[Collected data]
=== Section Start ===

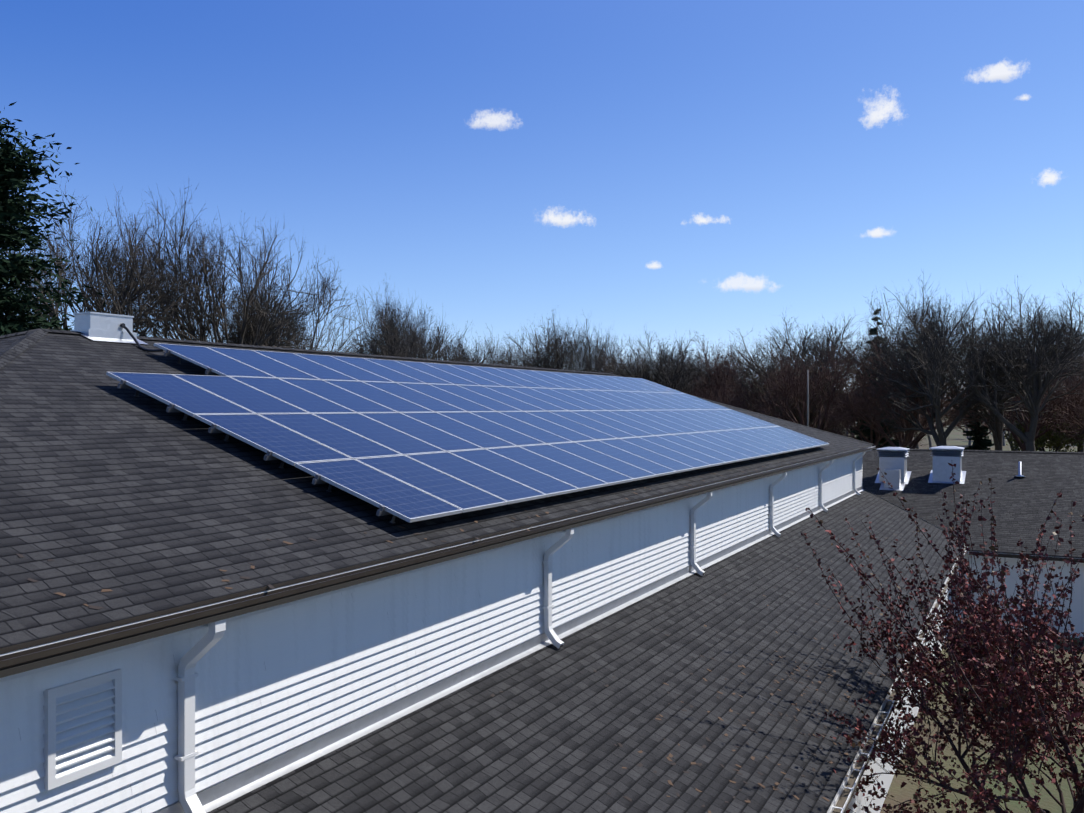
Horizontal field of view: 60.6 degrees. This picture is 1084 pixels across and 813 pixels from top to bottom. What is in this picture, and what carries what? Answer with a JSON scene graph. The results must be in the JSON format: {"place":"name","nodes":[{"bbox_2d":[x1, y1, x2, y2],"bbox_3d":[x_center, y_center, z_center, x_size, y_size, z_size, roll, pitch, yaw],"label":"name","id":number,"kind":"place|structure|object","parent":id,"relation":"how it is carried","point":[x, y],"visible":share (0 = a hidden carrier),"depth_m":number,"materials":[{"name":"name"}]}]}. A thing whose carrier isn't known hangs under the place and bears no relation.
{"place":"outdoors","nodes":[
{"label":"outdoors","id":0,"kind":"place"},
{"bbox_2d":[0,446,875,681],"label":"rain gutter","id":1,"kind":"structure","parent":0,"point":[37,670],"depth_m":7.78,"materials":[{"name":"metal"}]},
{"bbox_2d":[0,332,871,653],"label":"roof","id":2,"kind":"structure","parent":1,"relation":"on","point":[144,506],"depth_m":9.04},
{"bbox_2d":[70,312,146,343],"bbox_3d":[-6.949,-1.231,14.724,0.840,0.458,1.000,0,0,28],"label":"vent box","id":3,"kind":"object","parent":2,"relation":"on","point":[97,326],"visible":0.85,"depth_m":14.49,"materials":[{"name":"white metal"}]},
{"bbox_2d":[120,323,162,351],"bbox_3d":[-6.314,-1.088,14.609,0.877,0.477,0.133,0,0,28],"label":"conduit","id":4,"kind":"object","parent":2,"relation":"on","point":[123,325],"visible":1,"depth_m":14.64,"materials":[{"name":"black metal"}]},
{"bbox_2d":[0,328,873,444],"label":"roof caps","id":5,"kind":"object","parent":2,"relation":"on","point":[11,352],"visible":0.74,"depth_m":15.89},
{"bbox_2d":[117,349,818,522],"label":"array rails","id":6,"kind":"object","parent":2,"relation":"on","point":[268,456],"visible":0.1,"depth_m":10.88,"materials":[{"name":"grey metal"}]},
{"bbox_2d":[106,343,828,522],"bbox_3d":[1.054,0.112,20.860,6.319,2.180,22.200,0,0,28],"label":"solar array","id":7,"kind":"object","parent":6,"relation":"on","point":[409,441],"visible":1,"depth_m":14.79,"materials":[{"name":"blue"}]},
{"bbox_2d":[0,0,1083,395],"label":"sky","id":8,"kind":"structure","parent":0,"point":[712,168],"materials":[{"name":"blue"}]},
{"bbox_2d":[207,490,961,812],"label":"roof","id":9,"kind":"structure","parent":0,"point":[548,728],"depth_m":11.42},
{"bbox_2d":[17,443,938,812],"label":"roof leaf litter","id":10,"kind":"object","parent":9,"relation":"on","point":[665,683],"visible":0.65,"depth_m":11.20,"materials":[{"name":"brown plant"}]},
{"bbox_2d":[156,486,863,812],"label":"roof flashing","id":11,"kind":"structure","parent":9,"relation":"on","point":[228,790],"depth_m":9.85,"materials":[{"name":"metal"}]},
{"bbox_2d":[829,599,936,811],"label":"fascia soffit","id":12,"kind":"structure","parent":9,"relation":"attached to","point":[872,726],"depth_m":12.97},
{"bbox_2d":[829,545,965,812],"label":"gutter","id":13,"kind":"object","parent":12,"relation":"on","point":[846,781],"visible":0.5,"depth_m":12.00,"materials":[{"name":"white metal"}]},
{"bbox_2d":[832,548,966,812],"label":"gutter debris","id":14,"kind":"object","parent":13,"relation":"on","point":[849,784],"visible":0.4,"depth_m":12.10,"materials":[{"name":"brown plant"}]},
{"bbox_2d":[864,489,950,534],"bbox_3d":[12.993,3.767,32.808,0.001,1.303,5.474,0,0,-17],"label":"valley flashing","id":15,"kind":"object","parent":9,"relation":"on","point":[906,511],"visible":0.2,"depth_m":33.09,"materials":[{"name":"metal"}]},
{"bbox_2d":[821,417,1083,812],"bbox_3d":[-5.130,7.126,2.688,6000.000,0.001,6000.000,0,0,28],"label":"ground","id":16,"kind":"structure","parent":0,"point":[907,791],"depth_m":18.08,"materials":[{"name":"plant"}]},
{"bbox_2d":[0,102,104,335],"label":"pine tree","id":17,"kind":"object","parent":16,"relation":"on","point":[14,174],"visible":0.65,"depth_m":31.35,"materials":[{"name":"green plant"}]},
{"bbox_2d":[1,173,200,338],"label":"tall tree","id":18,"kind":"object","parent":16,"relation":"on","point":[127,299],"visible":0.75,"depth_m":52.00,"materials":[{"name":"brown plant"}]},
{"bbox_2d":[73,178,329,349],"bbox_3d":[-18.986,-3.341,57.974,16.125,21.040,14.883,0,0,21],"label":"tall tree","id":19,"kind":"object","parent":16,"relation":"on","point":[189,328],"visible":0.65,"depth_m":54.98,"materials":[{"name":"brown plant"}]},
{"bbox_2d":[222,287,325,350],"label":"tall tree","id":20,"kind":"object","parent":16,"relation":"on","point":[310,335],"depth_m":86.81,"materials":[{"name":"brown plant"}]},
{"bbox_2d":[199,239,382,354],"bbox_3d":[-16.870,-1.684,60.402,8.794,17.752,12.473,0,0,60],"label":"tall tree","id":21,"kind":"object","parent":16,"relation":"on","point":[238,324],"visible":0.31,"depth_m":59.80,"materials":[{"name":"brown plant"}]},
{"bbox_2d":[329,325,413,357],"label":"tall tree","id":22,"kind":"object","parent":16,"relation":"on","point":[364,348],"visible":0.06,"depth_m":84.41,"materials":[{"name":"brown plant"}]},
{"bbox_2d":[346,278,452,360],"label":"tall tree","id":23,"kind":"object","parent":16,"relation":"on","point":[388,343],"visible":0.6,"depth_m":82.84,"materials":[{"name":"brown plant"}]},
{"bbox_2d":[356,297,462,359],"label":"tall tree","id":24,"kind":"object","parent":16,"relation":"on","point":[417,334],"visible":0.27,"depth_m":103.06,"materials":[{"name":"brown plant"}]},
{"bbox_2d":[403,320,501,362],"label":"tall tree","id":25,"kind":"object","parent":16,"relation":"on","point":[454,351],"visible":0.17,"depth_m":97.82,"materials":[{"name":"brown plant"}]},
{"bbox_2d":[450,325,529,366],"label":"tall tree","id":26,"kind":"object","parent":16,"relation":"on","point":[497,360],"visible":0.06,"depth_m":85.68,"materials":[{"name":"brown plant"}]},
{"bbox_2d":[499,343,545,367],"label":"tall tree","id":27,"kind":"object","parent":16,"relation":"on","point":[519,357],"visible":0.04,"depth_m":100.80,"materials":[{"name":"brown plant"}]},
{"bbox_2d":[503,305,591,370],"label":"tall tree","id":28,"kind":"object","parent":16,"relation":"on","point":[553,346],"visible":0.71,"depth_m":89.23,"materials":[{"name":"brown plant"}]},
{"bbox_2d":[535,314,640,372],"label":"tall tree","id":29,"kind":"object","parent":16,"relation":"on","point":[589,359],"visible":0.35,"depth_m":95.75,"materials":[{"name":"brown plant"}]},
{"bbox_2d":[597,350,653,381],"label":"tall tree","id":30,"kind":"object","parent":16,"relation":"on","point":[615,360],"visible":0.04,"depth_m":86.90,"materials":[{"name":"red plant"}]},
{"bbox_2d":[592,333,708,392],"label":"tree","id":31,"kind":"object","parent":16,"relation":"on","point":[616,364],"visible":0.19,"depth_m":84.01,"materials":[{"name":"brown plant"}]},
{"bbox_2d":[598,322,713,393],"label":"tree","id":32,"kind":"object","parent":16,"relation":"on","point":[681,368],"visible":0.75,"depth_m":82.19,"materials":[{"name":"brown plant"}]},
{"bbox_2d":[652,362,709,396],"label":"bare tree","id":33,"kind":"object","parent":16,"relation":"on","point":[690,386],"visible":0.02,"depth_m":90.99,"materials":[{"name":"beige plant"}]},
{"bbox_2d":[687,372,750,408],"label":"tree","id":34,"kind":"object","parent":16,"relation":"on","point":[720,400],"visible":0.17,"depth_m":72.48,"materials":[{"name":"red plant"}]},
{"bbox_2d":[684,333,753,406],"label":"tall tree","id":35,"kind":"object","parent":16,"relation":"on","point":[715,376],"visible":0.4,"depth_m":88.27,"materials":[{"name":"red plant"}]},
{"bbox_2d":[707,351,752,398],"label":"bare tree","id":36,"kind":"object","parent":16,"relation":"on","point":[727,369],"depth_m":98.84,"materials":[{"name":"brown plant"}]},
{"bbox_2d":[687,349,782,406],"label":"tree","id":37,"kind":"object","parent":16,"relation":"on","point":[726,374],"visible":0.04,"depth_m":91.06,"materials":[{"name":"brown plant"}]},
{"bbox_2d":[716,357,828,429],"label":"bare tree","id":38,"kind":"object","parent":16,"relation":"on","point":[752,401],"visible":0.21,"depth_m":75.81,"materials":[{"name":"red plant"}]},
{"bbox_2d":[718,305,870,425],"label":"tree","id":39,"kind":"object","parent":16,"relation":"on","point":[811,351],"visible":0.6,"depth_m":75.47,"materials":[{"name":"brown plant"}]},
{"bbox_2d":[807,370,808,425],"bbox_3d":[16.493,2.439,57.552,0.140,9.400,0.121,0,0,28],"label":"utility pole","id":40,"kind":"object","parent":16,"relation":"on","point":[807,399],"visible":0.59,"depth_m":57.52,"materials":[{"name":"grey"}]},
{"bbox_2d":[749,336,874,430],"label":"tree","id":41,"kind":"object","parent":16,"relation":"on","point":[792,384],"visible":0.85,"depth_m":69.05,"materials":[{"name":"red plant"}]},
{"bbox_2d":[775,386,854,435],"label":"tree","id":42,"kind":"object","parent":16,"relation":"on","point":[836,422],"visible":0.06,"depth_m":75.83,"materials":[{"name":"red plant"}]},
{"bbox_2d":[736,350,895,431],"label":"tree","id":43,"kind":"object","parent":16,"relation":"on","point":[794,411],"visible":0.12,"depth_m":73.23,"materials":[{"name":"beige plant"}]},
{"bbox_2d":[764,305,953,407],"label":"tree","id":44,"kind":"object","parent":16,"relation":"on","point":[880,332],"visible":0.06,"depth_m":80.30,"materials":[{"name":"brown plant"}]},
{"bbox_2d":[814,371,935,447],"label":"tree","id":45,"kind":"object","parent":16,"relation":"on","point":[847,427],"visible":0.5,"depth_m":66.94,"materials":[{"name":"red plant"}]},
{"bbox_2d":[850,308,908,447],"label":"spruce tree","id":46,"kind":"object","parent":16,"relation":"on","point":[866,431],"visible":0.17,"depth_m":69.30,"materials":[{"name":"green plant"}]},
{"bbox_2d":[842,383,932,448],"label":"tree","id":47,"kind":"object","parent":16,"relation":"on","point":[914,433],"visible":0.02,"depth_m":94.61,"materials":[{"name":"beige plant"}]},
{"bbox_2d":[846,589,950,812],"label":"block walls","id":48,"kind":"structure","parent":16,"relation":"on","point":[859,800],"depth_m":16.36,"materials":[{"name":"white concrete"}]},
{"bbox_2d":[826,329,1006,447],"bbox_3d":[25.329,0.662,65.370,11.686,13.002,11.372,0,0,6],"label":"tree","id":49,"kind":"object","parent":16,"relation":"on","point":[907,436],"visible":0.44,"depth_m":64.37,"materials":[{"name":"red plant"}]},
{"bbox_2d":[854,379,989,448],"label":"tree","id":50,"kind":"object","parent":16,"relation":"on","point":[914,442],"visible":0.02,"depth_m":77.10,"materials":[{"name":"red plant"}]},
{"bbox_2d":[927,401,944,447],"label":"tree","id":51,"kind":"object","parent":16,"relation":"on","point":[930,444],"depth_m":138.38,"materials":[{"name":"beige plant"}]},
{"bbox_2d":[800,463,1083,812],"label":"crabapple tree","id":52,"kind":"object","parent":16,"relation":"on","point":[1008,692],"visible":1,"depth_m":11.92,"materials":[{"name":"red plant"}]},
{"bbox_2d":[854,271,1072,445],"bbox_3d":[27.621,-0.990,59.868,14.087,16.322,15.262,0,0,11],"label":"tree","id":53,"kind":"object","parent":16,"relation":"on","point":[941,436],"visible":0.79,"depth_m":60.53,"materials":[{"name":"brown plant"}]},
{"bbox_2d":[963,407,993,449],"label":"spruce tree","id":54,"kind":"object","parent":16,"relation":"on","point":[981,441],"visible":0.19,"depth_m":75.75,"materials":[{"name":"green plant"}]},
{"bbox_2d":[935,389,1028,435],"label":"tree","id":55,"kind":"object","parent":16,"relation":"on","point":[981,421],"visible":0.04,"depth_m":80.93,"materials":[{"name":"red plant"}]},
{"bbox_2d":[888,288,1078,450],"bbox_3d":[29.579,-0.339,63.167,11.631,15.028,11.878,0,0,18],"label":"tree","id":56,"kind":"object","parent":16,"relation":"on","point":[997,434],"visible":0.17,"depth_m":60.94,"materials":[{"name":"brown plant"}]},
{"bbox_2d":[902,276,1083,450],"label":"tree","id":57,"kind":"object","parent":16,"relation":"on","point":[1045,340],"visible":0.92,"depth_m":57.22,"materials":[{"name":"brown plant"}]},
{"bbox_2d":[987,412,1021,450],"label":"tree","id":58,"kind":"object","parent":16,"relation":"on","point":[1007,438],"visible":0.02,"depth_m":102.53,"materials":[{"name":"brown plant"}]},
{"bbox_2d":[962,347,1083,450],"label":"tree","id":59,"kind":"object","parent":16,"relation":"on","point":[1026,428],"visible":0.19,"depth_m":72.31,"materials":[{"name":"red plant"}]},
{"bbox_2d":[1004,403,1083,451],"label":"spring tree","id":60,"kind":"object","parent":16,"relation":"on","point":[1053,443],"visible":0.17,"depth_m":82.07,"materials":[{"name":"plant"}]},
{"bbox_2d":[1014,310,1083,451],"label":"tree","id":61,"kind":"object","parent":16,"relation":"on","point":[1079,447],"visible":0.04,"depth_m":82.48,"materials":[{"name":"brown plant"}]},
{"bbox_2d":[1029,366,1083,445],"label":"tree","id":62,"kind":"object","parent":16,"relation":"on","point":[1072,414],"visible":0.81,"depth_m":61.86,"materials":[{"name":"red plant"}]},
{"bbox_2d":[1038,349,1083,439],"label":"tree","id":63,"kind":"object","parent":16,"relation":"on","point":[1074,411],"visible":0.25,"depth_m":69.13,"materials":[{"name":"red plant"}]},
{"bbox_2d":[1062,395,1083,444],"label":"tree","id":64,"kind":"object","parent":16,"relation":"on","point":[1074,416],"visible":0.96,"depth_m":57.31,"materials":[{"name":"red plant"}]},
{"bbox_2d":[951,544,1083,637],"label":"wing walls","id":65,"kind":"structure","parent":0,"point":[1076,614],"depth_m":29.04,"materials":[{"name":"white paint"}]},
{"bbox_2d":[862,449,1083,558],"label":"wing roof","id":66,"kind":"structure","parent":65,"relation":"on","point":[1021,507],"depth_m":33.17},
{"bbox_2d":[879,469,904,490],"bbox_3d":[13.296,2.769,35.194,0.850,0.748,0.800,0,0,28],"label":"roof vent","id":67,"kind":"object","parent":66,"relation":"on","point":[893,477],"visible":0.96,"depth_m":34.98,"materials":[{"name":"white metal"}]},
{"bbox_2d":[875,447,911,483],"bbox_3d":[13.600,2.256,35.939,1.200,1.366,1.200,0,0,28],"label":"roof vent","id":68,"kind":"object","parent":66,"relation":"on","point":[892,457],"visible":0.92,"depth_m":35.58,"materials":[{"name":"white metal"}]},
{"bbox_2d":[928,446,965,483],"bbox_3d":[15.381,2.188,35.221,1.250,1.366,1.200,0,0,28],"label":"roof vent","id":69,"kind":"object","parent":66,"relation":"on","point":[943,457],"visible":0.98,"depth_m":34.84,"materials":[{"name":"white metal"}]},
{"bbox_2d":[875,448,1083,453],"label":"roof ridge cap","id":70,"kind":"object","parent":66,"relation":"on","point":[1009,451],"depth_m":36.46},
{"bbox_2d":[1015,461,1025,476],"bbox_3d":[17.663,2.310,34.294,0.400,0.550,0.400,0,0,28],"label":"vent pipe","id":71,"kind":"object","parent":66,"relation":"on","point":[1019,469],"visible":1,"depth_m":34.26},
{"bbox_2d":[969,551,1083,562],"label":"wing gutter","id":72,"kind":"object","parent":66,"relation":"attached to","point":[1030,557],"visible":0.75,"depth_m":28.83,"materials":[{"name":"metal"}]},
{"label":"block walls","id":73,"kind":"object","parent":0,"visible":0},
{"bbox_2d":[0,452,862,812],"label":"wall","id":74,"kind":"structure","parent":73,"relation":"attached to","point":[332,660],"depth_m":8.78,"materials":[{"name":"white plastic"}]},
{"bbox_2d":[43,669,121,789],"bbox_3d":[-3.143,2.197,6.367,0.056,0.660,0.560,0,0,28],"label":"louvre vent","id":75,"kind":"object","parent":74,"relation":"attached to","point":[78,751],"visible":1,"depth_m":6.34,"materials":[{"name":"white plastic"}]},
{"bbox_2d":[19,473,809,812],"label":"siding joints","id":76,"kind":"object","parent":74,"relation":"attached to","point":[307,699],"visible":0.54,"depth_m":8.36,"materials":[{"name":"grey"}]},
{"bbox_2d":[174,451,864,812],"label":"downspouts","id":77,"kind":"object","parent":74,"relation":"attached to","point":[184,757],"visible":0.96,"depth_m":7.08,"materials":[{"name":"white metal"}]}
]}

=== Section End ===

§ About this task: All lines above that hold the string "block" should be copied.

§ The answer:
{"bbox_2d":[846,589,950,812],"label":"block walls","id":48,"kind":"structure","parent":16,"relation":"on","point":[859,800],"depth_m":16.36,"materials":[{"name":"white concrete"}]},
{"label":"block walls","id":73,"kind":"object","parent":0,"visible":0},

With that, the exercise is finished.